# Basic Statistics for Raster Data

This notebook demonstrates how to compute basic statistics for raster data using `rasterio` and `numpy` in Python. Statistics such as mean, standard deviation, minimum, maximum, and histograms are essential for understanding remote sensing datasets.

## Prerequisites
- Install required libraries: `rasterio`, `numpy`, `matplotlib` (listed in `requirements.txt`).
- A sample GeoTIFF file (e.g., `sample.tif`). Replace the file path with your own raster file.

## Learning Objectives
- Compute global and per-band statistics for raster data.
- Generate histograms for raster values.
- Handle masked or no-data values in calculations.

In [None]:
# Import required libraries
import rasterio
import numpy as np
import matplotlib.pyplot as plt

## Step 1: Load the Raster File

Load the raster file and read its data.
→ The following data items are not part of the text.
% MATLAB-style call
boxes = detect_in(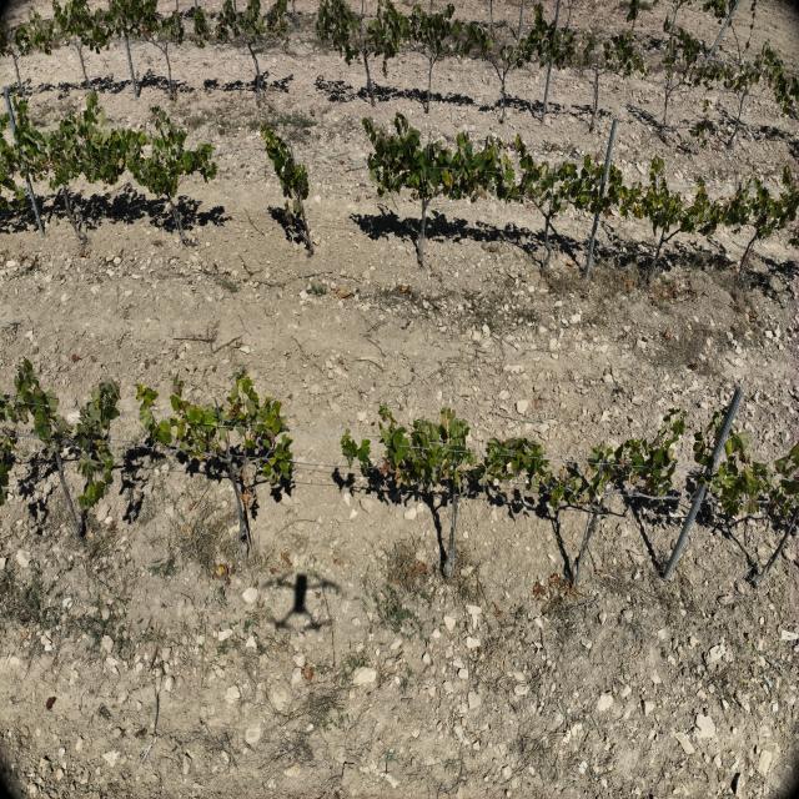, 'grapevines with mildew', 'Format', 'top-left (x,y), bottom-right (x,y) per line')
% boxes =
(688, 401), (799, 600)
(0, 353), (125, 553)
(514, 409), (692, 605)
(340, 397), (529, 592)
(135, 363), (297, 558)

We’ll handle no-data values by masking them.

In [None]:
# Define the path to the raster file
raster_path = 'sample.tif'

# Open the raster file
with rasterio.open(raster_path) as src:
    raster_data = src.read(masked=True)  # Read with mask for no-data values
    nodata = src.nodata

# Print basic information
print(f'Raster shape: {raster_data.shape}')
print(f'No-data value: {nodata}')

## Step 2: Compute Global Statistics

Calculate statistics across all bands, treating the raster as a flattened array (ignoring no-data values).

In [None]:
# Flatten the raster data (all bands) and mask no-data
flattened_data = raster_data.compressed()  # Returns array without masked values

# Compute statistics
global_min = np.min(flattened_data)
global_max = np.max(flattened_data)
global_mean = np.mean(flattened_data)
global_std = np.std(flattened_data)

# Print global statistics
print(f'Global Min: {global_min}')
print(f'Global Max: {global_max}')
print(f'Global Mean: {global_mean}')
print(f'Global Standard Deviation: {global_std}')

## Step 3: Compute Per-Band Statistics

Calculate statistics for each band individually.

In [None]:
# Number of bands
num_bands = raster_data.shape[0]

# Compute statistics per band
for band in range(num_bands):
    band_data = raster_data[band].compressed()
    band_min = np.min(band_data)
    band_max = np.max(band_data)
    band_mean = np.mean(band_data)
    band_std = np.std(band_data)
    print(f'Band {band+1}: Min={band_min}, Max={band_max}, Mean={band_mean}, Std={band_std}')

## Step 4: Generate Histogram

Create a histogram for a selected band to visualize the distribution of pixel values.

In [None]:
# Select the first band for histogram
band_data = raster_data[0].compressed()

# Plot histogram
plt.figure(figsize=(8, 6))
plt.hist(band_data, bins=50, color='blue', alpha=0.7)
plt.title('Histogram of Band 1')
plt.xlabel('Pixel Value')
plt.ylabel('Frequency')
plt.show()

## Next Steps

- Replace `sample.tif` with your own raster file.
- Compute additional statistics (e.g., median, percentiles) using `np.median` or `np.percentile`.
- Generate histograms for other bands or the entire dataset.
- Proceed to the next notebook (`06_reproject_resample_raster.ipynb`) to learn raster reprojection and resampling.

## Notes
- Using `masked=True` ensures no-data values are excluded from calculations.
- For large rasters, consider computing statistics in chunks to save memory.
- See `docs/installation.md` for troubleshooting library installation.